__DIRECTIONS__. Please return each record below exactly, with nothing left out.

(Source records)
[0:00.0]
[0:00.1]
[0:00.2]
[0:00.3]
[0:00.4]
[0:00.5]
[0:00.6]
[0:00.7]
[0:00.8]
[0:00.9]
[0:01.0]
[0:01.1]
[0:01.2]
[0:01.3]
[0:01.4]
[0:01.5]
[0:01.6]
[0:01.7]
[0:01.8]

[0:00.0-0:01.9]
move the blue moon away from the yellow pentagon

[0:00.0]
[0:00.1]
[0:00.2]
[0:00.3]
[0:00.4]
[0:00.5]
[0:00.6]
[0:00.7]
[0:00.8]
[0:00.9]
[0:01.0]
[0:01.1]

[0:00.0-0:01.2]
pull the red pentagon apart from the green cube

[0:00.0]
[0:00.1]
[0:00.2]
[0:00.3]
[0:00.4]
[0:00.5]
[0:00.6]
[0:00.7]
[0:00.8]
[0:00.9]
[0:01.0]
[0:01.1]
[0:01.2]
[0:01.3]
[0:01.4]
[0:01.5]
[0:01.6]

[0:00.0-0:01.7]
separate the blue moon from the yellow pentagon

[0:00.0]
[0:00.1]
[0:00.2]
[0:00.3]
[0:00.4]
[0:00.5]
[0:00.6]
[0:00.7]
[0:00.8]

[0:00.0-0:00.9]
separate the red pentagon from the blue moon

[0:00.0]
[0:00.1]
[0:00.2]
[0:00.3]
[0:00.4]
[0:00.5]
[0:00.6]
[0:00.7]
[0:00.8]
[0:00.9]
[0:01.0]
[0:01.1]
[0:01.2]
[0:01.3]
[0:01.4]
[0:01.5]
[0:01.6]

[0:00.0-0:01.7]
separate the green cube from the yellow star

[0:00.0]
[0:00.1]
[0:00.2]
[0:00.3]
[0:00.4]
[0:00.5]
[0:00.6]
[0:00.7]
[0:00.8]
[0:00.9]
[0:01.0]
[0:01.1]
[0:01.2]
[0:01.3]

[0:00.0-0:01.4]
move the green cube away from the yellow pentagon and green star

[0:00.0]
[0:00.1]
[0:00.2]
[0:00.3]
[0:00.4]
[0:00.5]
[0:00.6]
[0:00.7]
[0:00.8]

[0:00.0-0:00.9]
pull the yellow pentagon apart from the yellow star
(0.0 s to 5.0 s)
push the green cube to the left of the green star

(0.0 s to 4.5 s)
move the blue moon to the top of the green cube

__ANSWER TO THIS TASK__.
[0:00.0]
[0:00.1]
[0:00.2]
[0:00.3]
[0:00.4]
[0:00.5]
[0:00.6]
[0:00.7]
[0:00.8]
[0:00.9]
[0:01.0]
[0:01.1]
[0:01.2]
[0:01.3]
[0:01.4]
[0:01.5]
[0:01.6]
[0:01.7]
[0:01.8]

[0:00.0-0:01.9]
move the blue moon away from the yellow pentagon

[0:00.0]
[0:00.1]
[0:00.2]
[0:00.3]
[0:00.4]
[0:00.5]
[0:00.6]
[0:00.7]
[0:00.8]
[0:00.9]
[0:01.0]
[0:01.1]

[0:00.0-0:01.2]
pull the red pentagon apart from the green cube

[0:00.0]
[0:00.1]
[0:00.2]
[0:00.3]
[0:00.4]
[0:00.5]
[0:00.6]
[0:00.7]
[0:00.8]
[0:00.9]
[0:01.0]
[0:01.1]
[0:01.2]
[0:01.3]
[0:01.4]
[0:01.5]
[0:01.6]

[0:00.0-0:01.7]
separate the blue moon from the yellow pentagon

[0:00.0]
[0:00.1]
[0:00.2]
[0:00.3]
[0:00.4]
[0:00.5]
[0:00.6]
[0:00.7]
[0:00.8]

[0:00.0-0:00.9]
separate the red pentagon from the blue moon

[0:00.0]
[0:00.1]
[0:00.2]
[0:00.3]
[0:00.4]
[0:00.5]
[0:00.6]
[0:00.7]
[0:00.8]
[0:00.9]
[0:01.0]
[0:01.1]
[0:01.2]
[0:01.3]
[0:01.4]
[0:01.5]
[0:01.6]

[0:00.0-0:01.7]
separate the green cube from the yellow star

[0:00.0]
[0:00.1]
[0:00.2]
[0:00.3]
[0:00.4]
[0:00.5]
[0:00.6]
[0:00.7]
[0:00.8]
[0:00.9]
[0:01.0]
[0:01.1]
[0:01.2]
[0:01.3]

[0:00.0-0:01.4]
move the green cube away from the yellow pentagon and green star

[0:00.0]
[0:00.1]
[0:00.2]
[0:00.3]
[0:00.4]
[0:00.5]
[0:00.6]
[0:00.7]
[0:00.8]

[0:00.0-0:00.9]
pull the yellow pentagon apart from the yellow star
(0.0 s to 5.0 s)
push the green cube to the left of the green star

(0.0 s to 4.5 s)
move the blue moon to the top of the green cube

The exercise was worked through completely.